[Records from a collection]

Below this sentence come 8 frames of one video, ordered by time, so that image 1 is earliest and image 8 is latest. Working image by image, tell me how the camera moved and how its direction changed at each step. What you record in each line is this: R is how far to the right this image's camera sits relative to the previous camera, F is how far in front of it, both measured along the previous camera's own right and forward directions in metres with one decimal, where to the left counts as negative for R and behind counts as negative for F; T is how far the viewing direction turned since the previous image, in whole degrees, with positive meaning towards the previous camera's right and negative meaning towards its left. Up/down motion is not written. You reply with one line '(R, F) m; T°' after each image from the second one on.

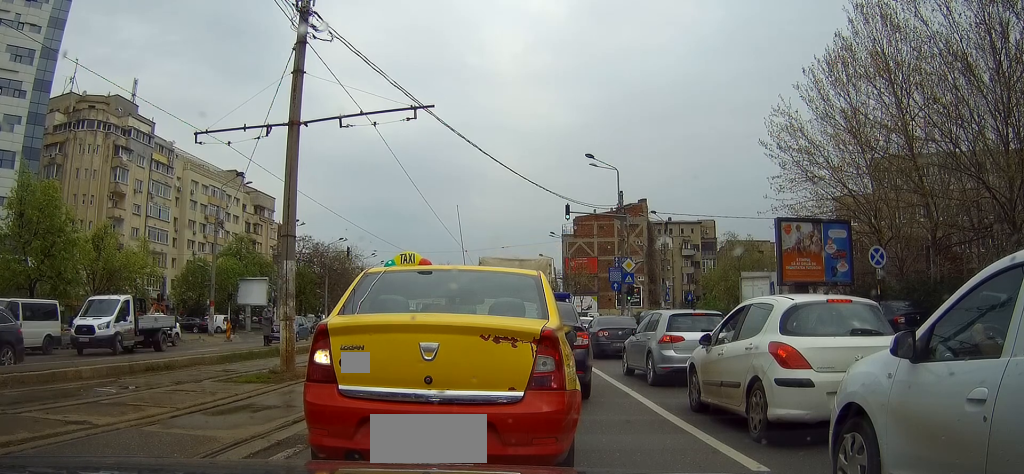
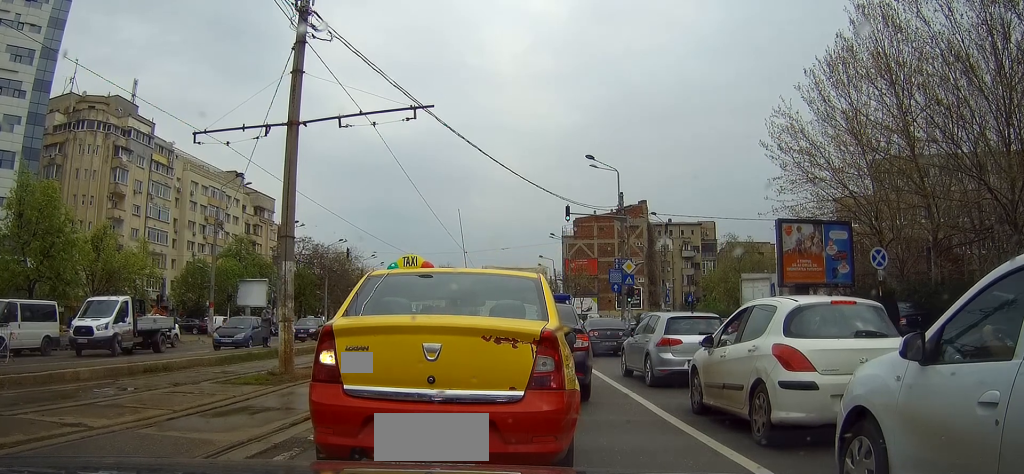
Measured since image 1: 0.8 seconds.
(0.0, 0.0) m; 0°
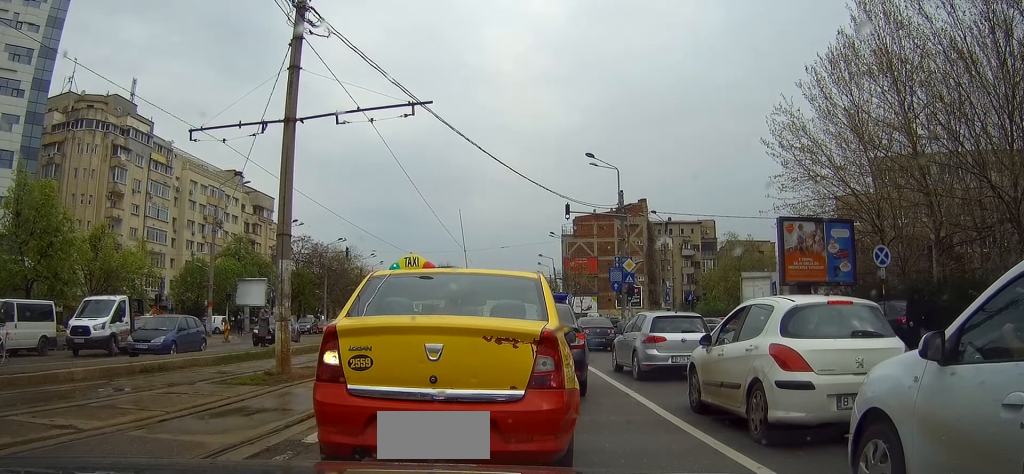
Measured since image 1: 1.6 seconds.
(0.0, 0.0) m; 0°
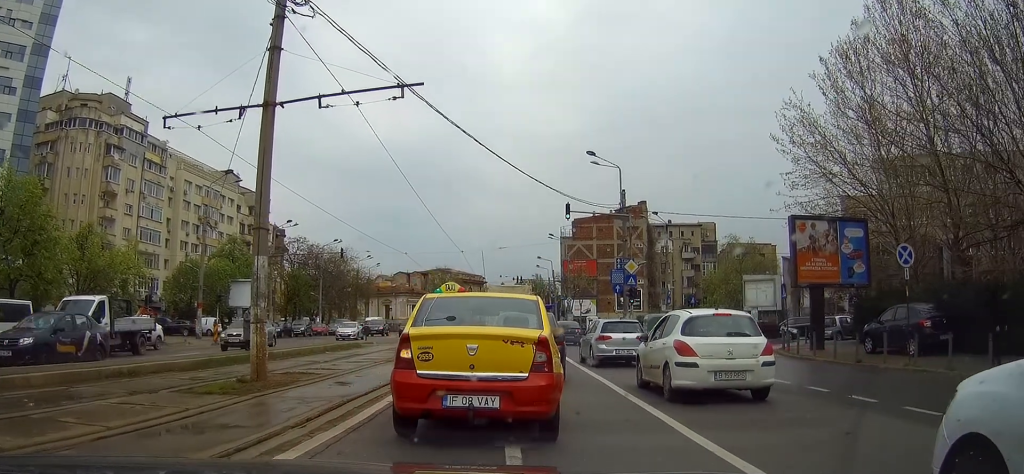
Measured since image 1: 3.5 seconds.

==

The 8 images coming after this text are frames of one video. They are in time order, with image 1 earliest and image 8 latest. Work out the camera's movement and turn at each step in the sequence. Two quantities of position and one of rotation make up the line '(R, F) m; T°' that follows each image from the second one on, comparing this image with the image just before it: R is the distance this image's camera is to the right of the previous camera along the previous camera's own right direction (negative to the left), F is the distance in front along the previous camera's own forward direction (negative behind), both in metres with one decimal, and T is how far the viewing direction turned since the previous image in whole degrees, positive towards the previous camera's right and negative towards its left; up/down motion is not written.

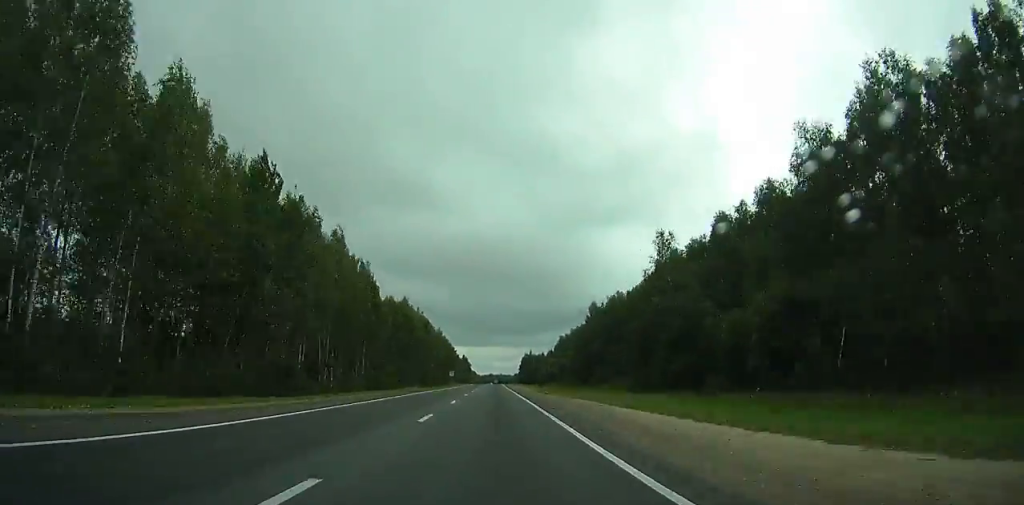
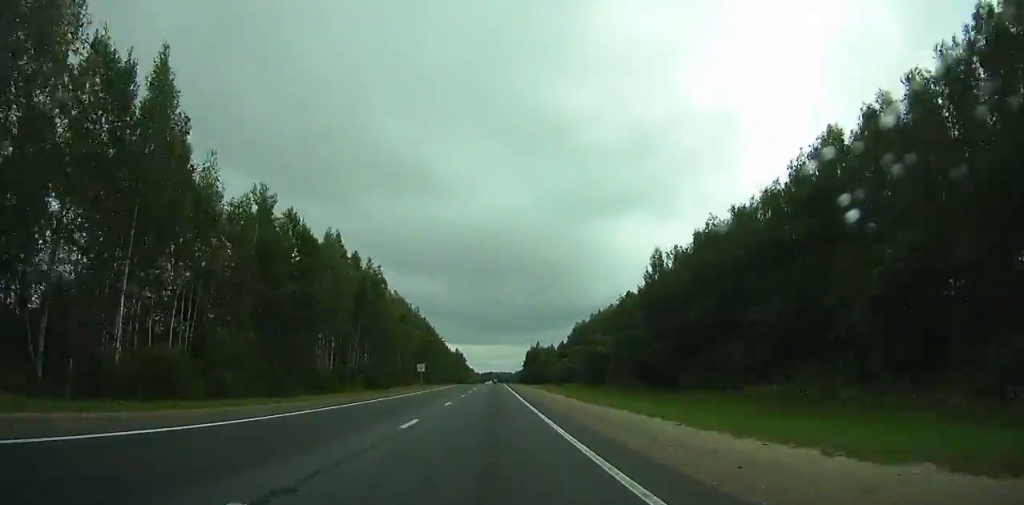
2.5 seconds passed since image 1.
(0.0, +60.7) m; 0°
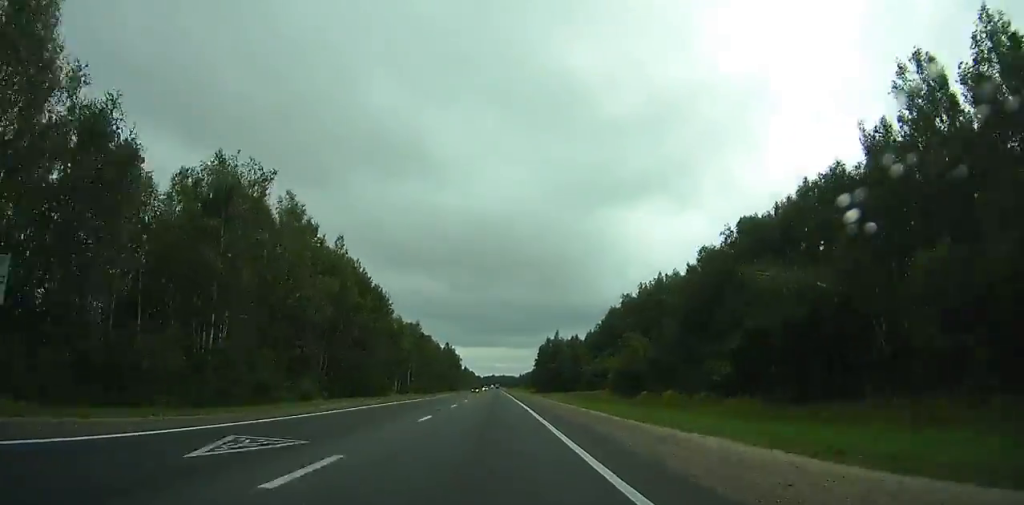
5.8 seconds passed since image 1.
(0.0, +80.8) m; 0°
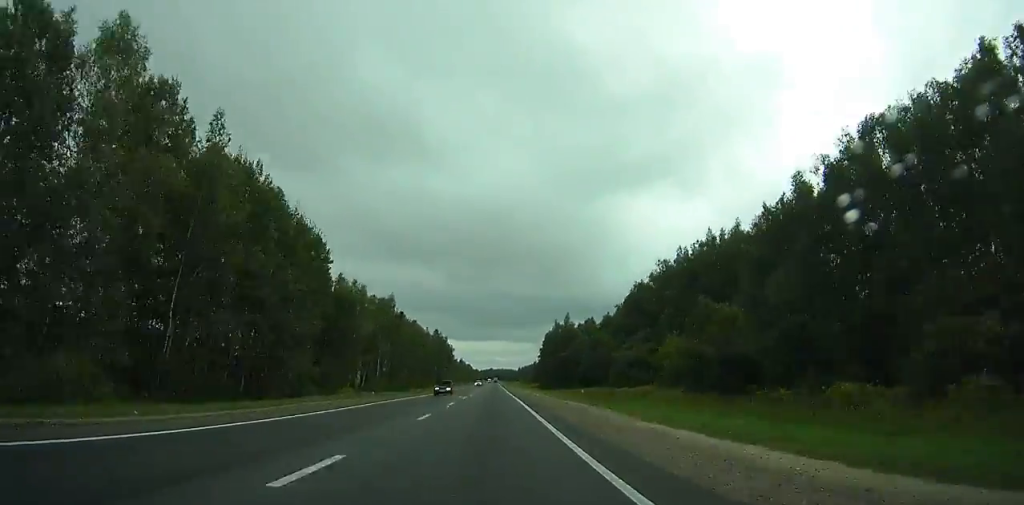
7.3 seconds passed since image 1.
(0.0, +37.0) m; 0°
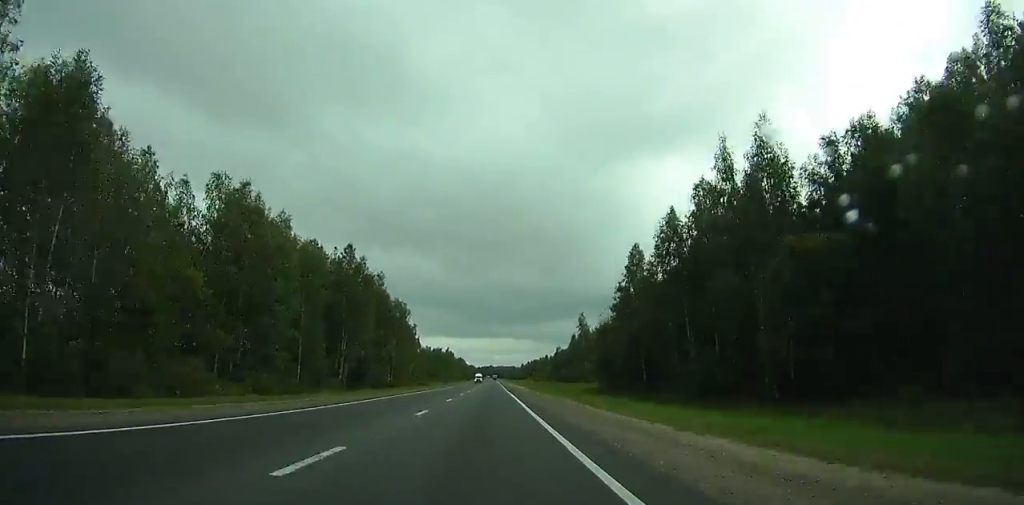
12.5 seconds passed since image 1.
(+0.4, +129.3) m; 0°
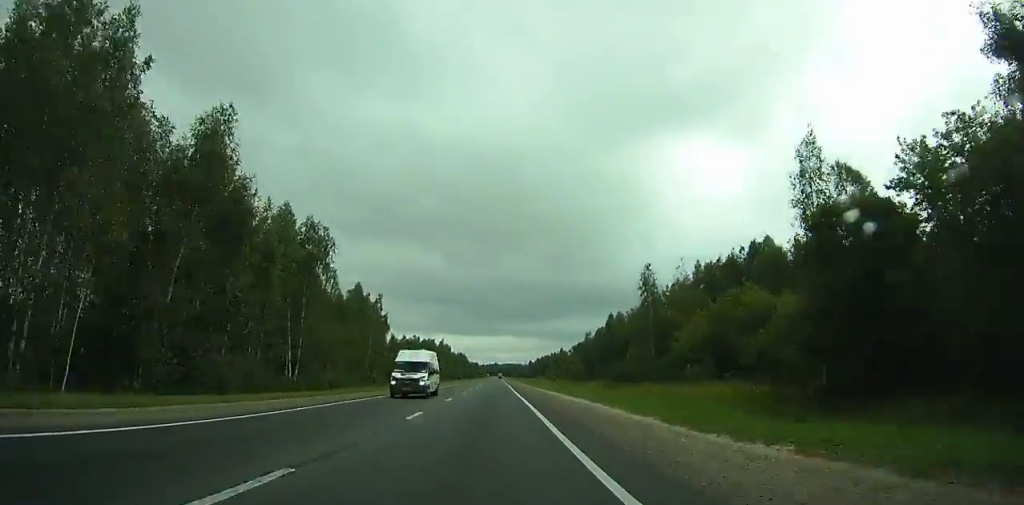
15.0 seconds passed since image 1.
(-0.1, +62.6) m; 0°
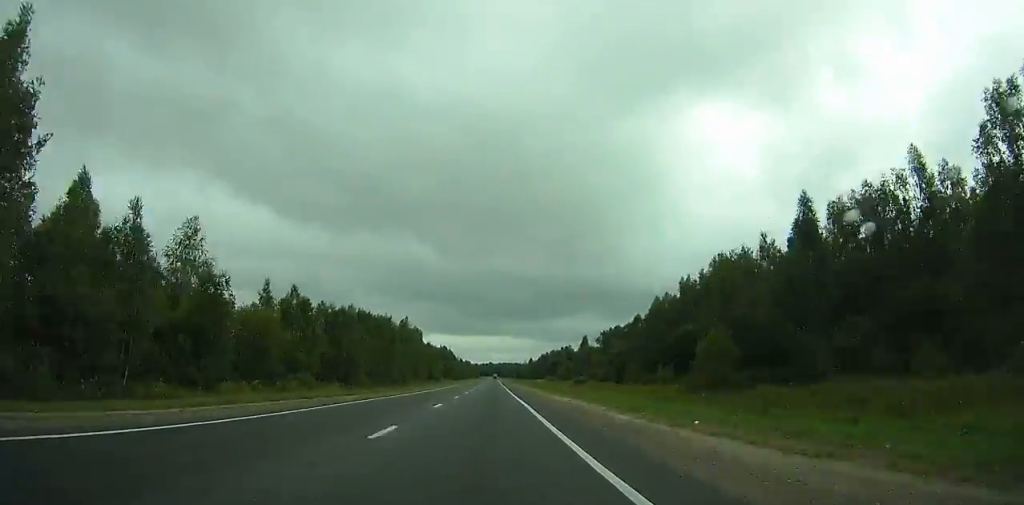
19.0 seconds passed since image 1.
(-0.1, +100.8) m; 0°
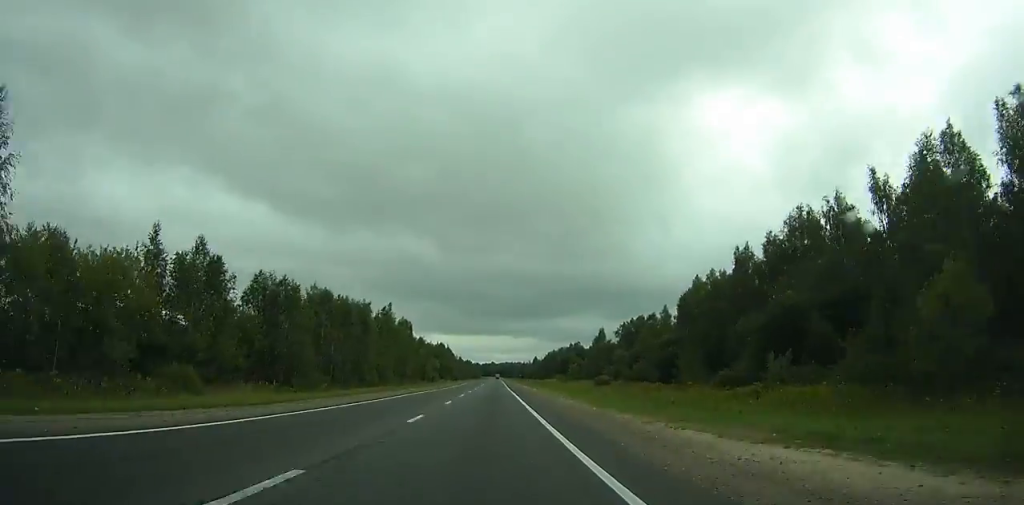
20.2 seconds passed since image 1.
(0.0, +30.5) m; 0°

--

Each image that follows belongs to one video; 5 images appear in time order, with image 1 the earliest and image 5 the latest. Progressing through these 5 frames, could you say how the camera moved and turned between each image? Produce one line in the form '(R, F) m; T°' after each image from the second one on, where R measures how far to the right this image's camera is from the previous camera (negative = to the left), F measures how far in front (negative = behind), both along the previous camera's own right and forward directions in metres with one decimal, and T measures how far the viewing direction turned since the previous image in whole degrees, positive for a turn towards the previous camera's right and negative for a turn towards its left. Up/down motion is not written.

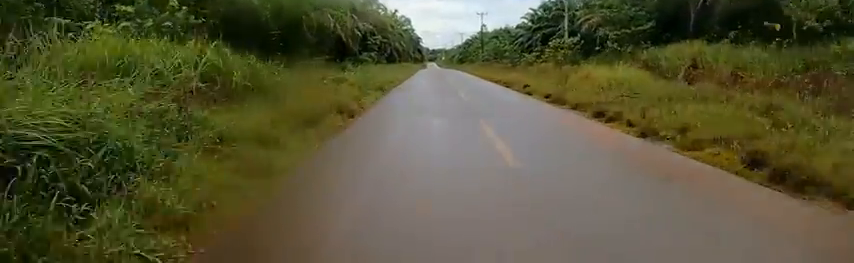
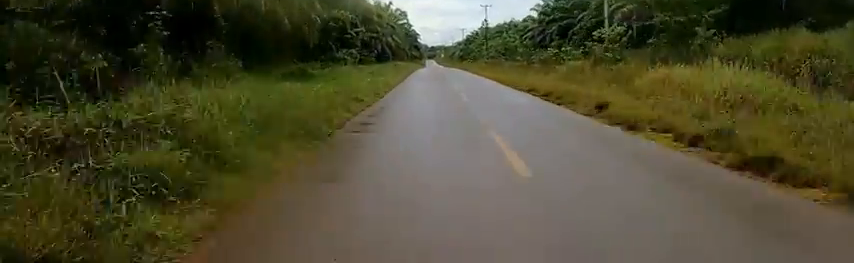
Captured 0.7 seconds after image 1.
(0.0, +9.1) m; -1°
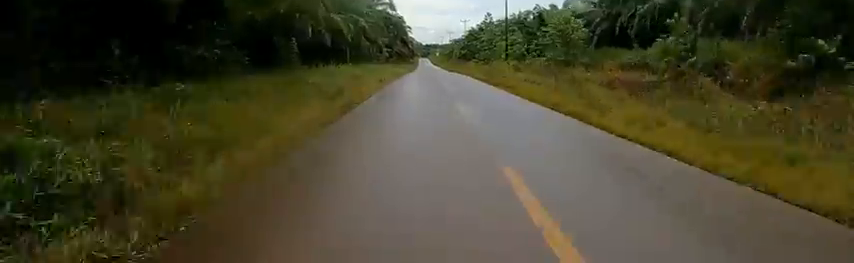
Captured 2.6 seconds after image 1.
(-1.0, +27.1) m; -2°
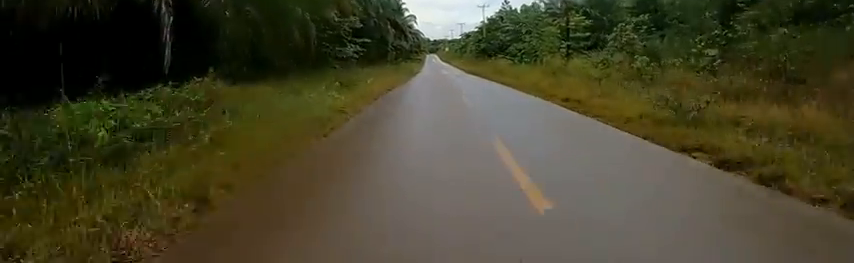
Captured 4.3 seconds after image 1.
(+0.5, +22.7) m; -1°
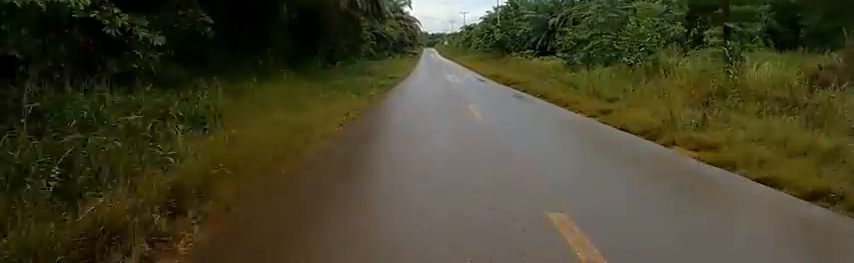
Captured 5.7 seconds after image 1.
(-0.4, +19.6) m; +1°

● **DIRECTIONS FOR THIS TASK**: Since the pictures are not part of the copy, please transcribe only the lines above from the one with "Measured since image 1: 1.6 seconds." through the one with "Measured since image 1: 3.5 seconds.", exactly and with both ends.

● **ANSWER TO THE PROBLEM**:
Measured since image 1: 1.6 seconds.
(0.0, 0.0) m; 0°
Measured since image 1: 3.5 seconds.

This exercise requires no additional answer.